Come on, come on, answer the phone.

On the third ring a male voice, befuddled with sleep, mumbled hello.
**
George ran his fingers over the edge of his desk. Solid. He liked solid things. Gave him a good feeling, a foundation on which to depend.

This current situation, with everything going to hell in a handbasket, was not solid. It was slippery, as slippery as any situation he’d worked on over his long career. In fact, in some ways this was slippery. They were on U.S. soil, an area where the CIA was legally not supposed to run operations. CIA was to leave U.S. operations to the FBI boys. But this was not something he could trust to the FBI. They were too narrow-minded, too sure of themselves. He needed creative thinking here — plus a little help from others.

Mark had reported that Beth was traveling north; she’d left her motel before six this morning. He’d stay with her, see what was going on.

Maybe Kathleen would report in later. George had been notified that she’d used the agency’s resources to locate Beth, but Mark had seen no sign of Kathleen. Presumably she’d gotten to the motel too late.

George opened a desk drawer and removed his bottle of Maalox chewable tablets. He liked the lemon ones — the cherry ones were chalky. He took four, the maximum suggested dosage. It was going to be that kind of a day.
A knock on his office door. Charles, summoned for a planning meeting.

“Enter.”

Charles took his usual chair, swinging his right leg across his left knee. George had secretly practiced the maneuver at home, but he couldn’t achieve the same fluid movement Charles did. Maybe George was too old to learn new tricks. Or maybe you had to be born to that graciousness.

“What do you hear?” Charles said.

“No more than what I told you before. But while we wait to see where Beth’s going and what Kathleen’s doing, we need to concentrate on finding Hans Wermer.”

Charles smiled. “He’s the needle in the haystack.”

“You can say that again.”

Charles coughed, his hand covering his mouth. “George?”

“Yes?”

“You did say that Mark Haskell was keeping an eye on Beth, didn’t you?”

George nodded. What was Charles getting at?

“He would be prepared to protect her if ... the elements that took out Ralph try to take her out?”

“Of course,” George said. “But do you seriously think she’s in any danger?”

Charles gave an elegant shrug of his shoulders. How did he do that?

“We have no idea what’s going on here,” Charles said. “Just wanted to make sure we’re prepared for any contingency.”

“That’s what the CIA is for, to protect American interests.” George glanced at his flag.

Then he stared across his desk at Charles. Perhaps ol’ Charles seemed a little unruffled? Not his usual unflappable self?

George rubbed his brow. Maybe he was seeing bogeymen. He hadn’t had much sleep last night. Sleep deprivation could do funny things to one’s mind.

He smiled at Charles. Best to change the subject. “Did I ever tell you the time, I think it was ‘54 in Taiwan, when the army decided civilian employees should have uniforms and asked us what we thought?”
**
Charles drove the back way, staying off the main roads.
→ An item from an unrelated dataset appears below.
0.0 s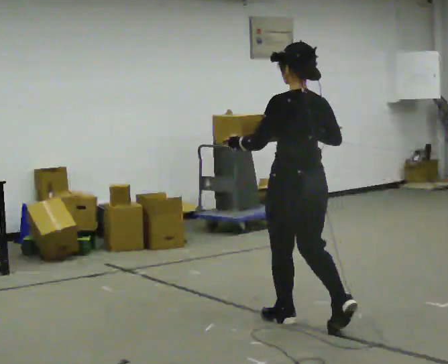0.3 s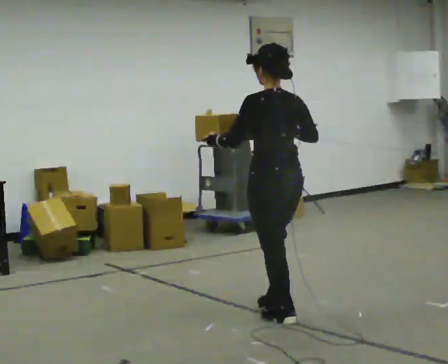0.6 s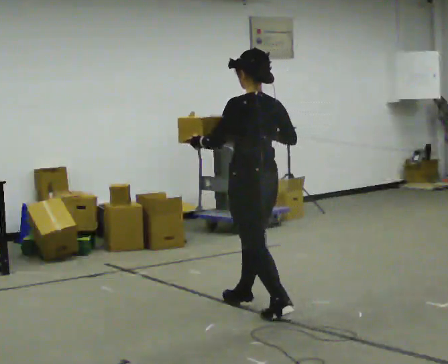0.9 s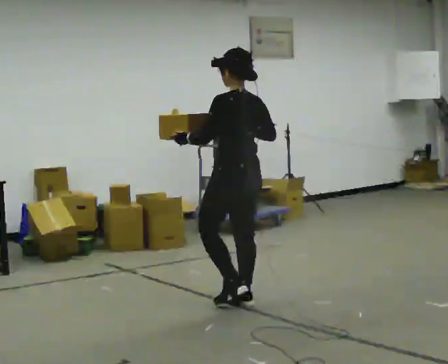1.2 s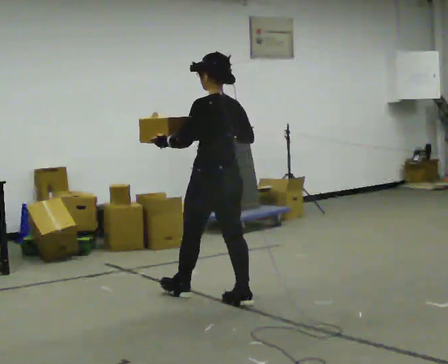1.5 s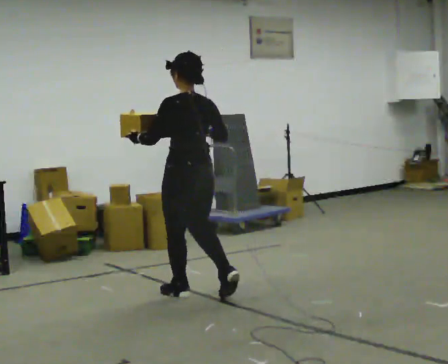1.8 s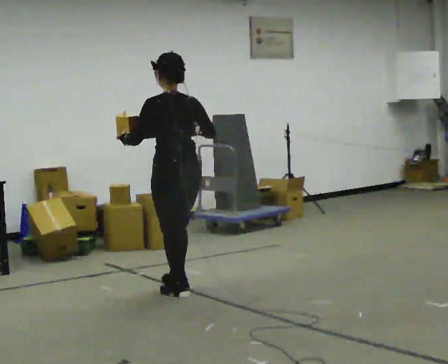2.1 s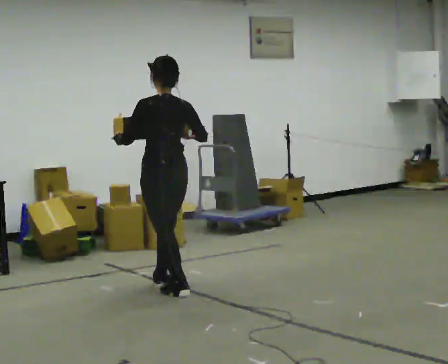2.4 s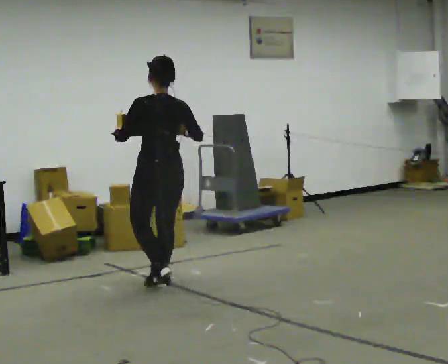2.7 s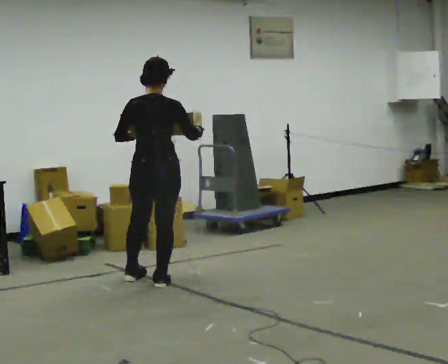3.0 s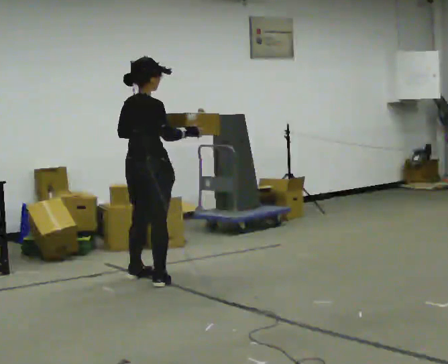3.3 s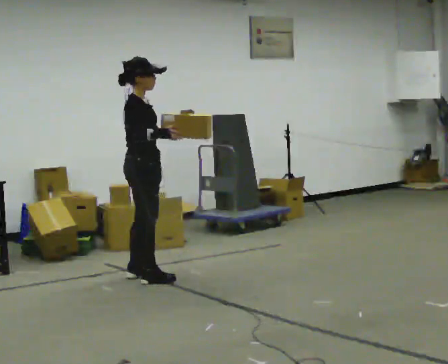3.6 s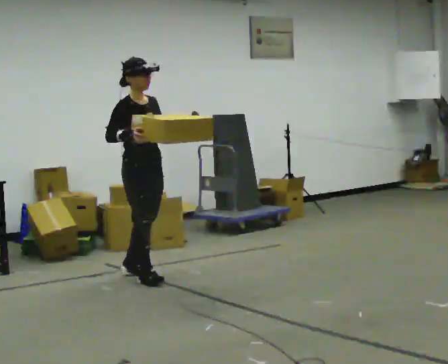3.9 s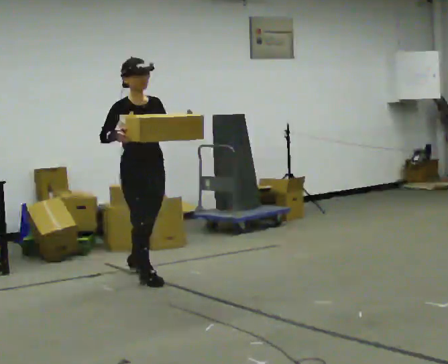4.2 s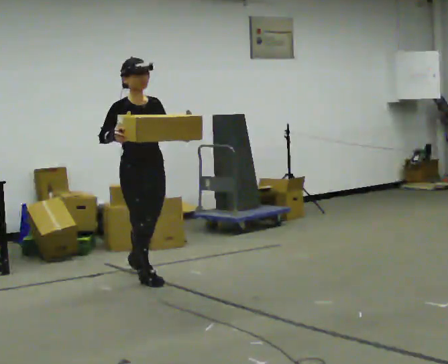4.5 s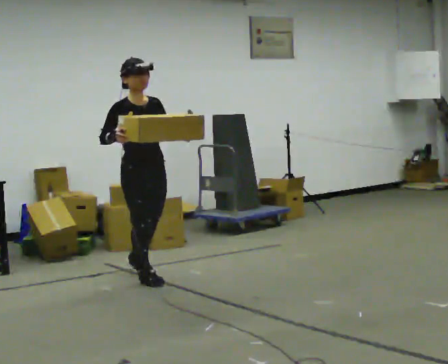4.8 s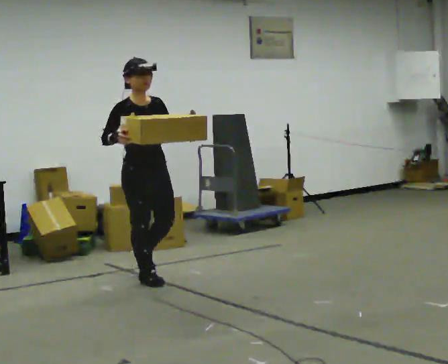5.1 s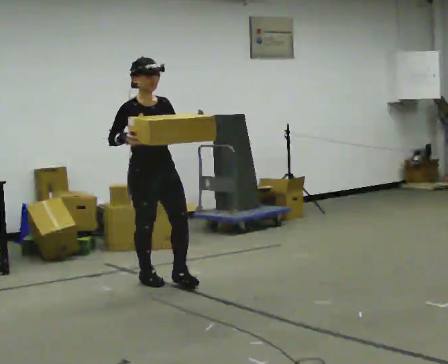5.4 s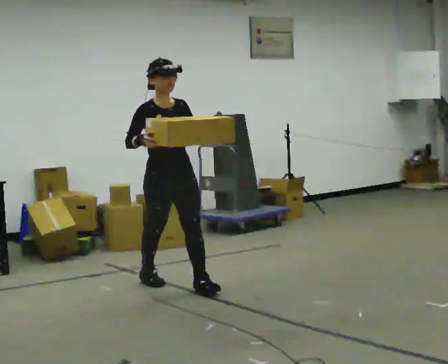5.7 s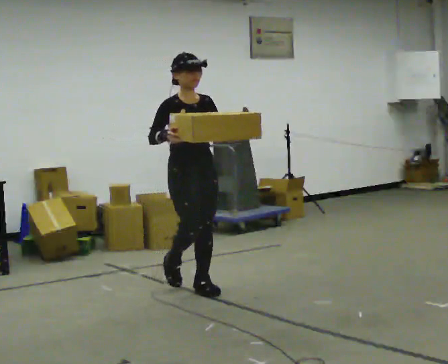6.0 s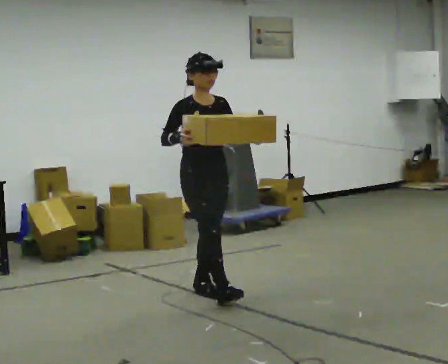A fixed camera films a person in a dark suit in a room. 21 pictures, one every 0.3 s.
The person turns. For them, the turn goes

He had told the secretary he had a meeting at the Pentagon, would be back before lunch. He did have a meeting, agreed upon in the early hours at the trucker’s roadside stop, but not at the Pentagon.

George had seemed a bit off this morning. Of course, Beth Parsons was missing, Hans Wermer was missing, and Kathleen was pretending she was in operations, not to mention Ralph had been killed. Still, their business was the unexpected. George shouldn’t be riled by this.

Charles checked the rearview mirror. No one was following. Good, because he was in a tricky spot, yes indeed. He had to think carefully before committing to any action.

Yet this meeting now couldn’t be avoided. Matthew expected him. And expected the information he could provide — where Beth Parsons was at this exact moment.
**
An hour north of New York City David considered his options. He needed gas. If he did, didn’t the woman? And a bathroom pit stop would be welcome. Could he risk pulling off now and catching up with her in 10 minutes?

The sensation in his groin decided him. He exited the highway, filled the car and emptied himself.

When he got back on, he calculated how long at a slightly increased speed he would need to go to catch up with Beth and her tail. He couldn’t increase his speed too much or risk drawing the attention of the highway patrol.

The radio sputtered, the signal weaving in and out. He flipped to a new channel. It was a mistake. He flipped it off, but not before hearing a few bars of the oldie but goodie song “Soldier Boy.”

Jenny was driving her ‘63 Corvair up Highway 1. They were only a few miles south of San Francisco. “I can’t talk about it anymore,” she’d said, then turned the radio on for distraction. “Soldier Boy” filled the car while Jenny said, her eyes on the road ahead, “I won’t marry you now, but I promise” — and she sang along with the song — “I’ll be true to you.”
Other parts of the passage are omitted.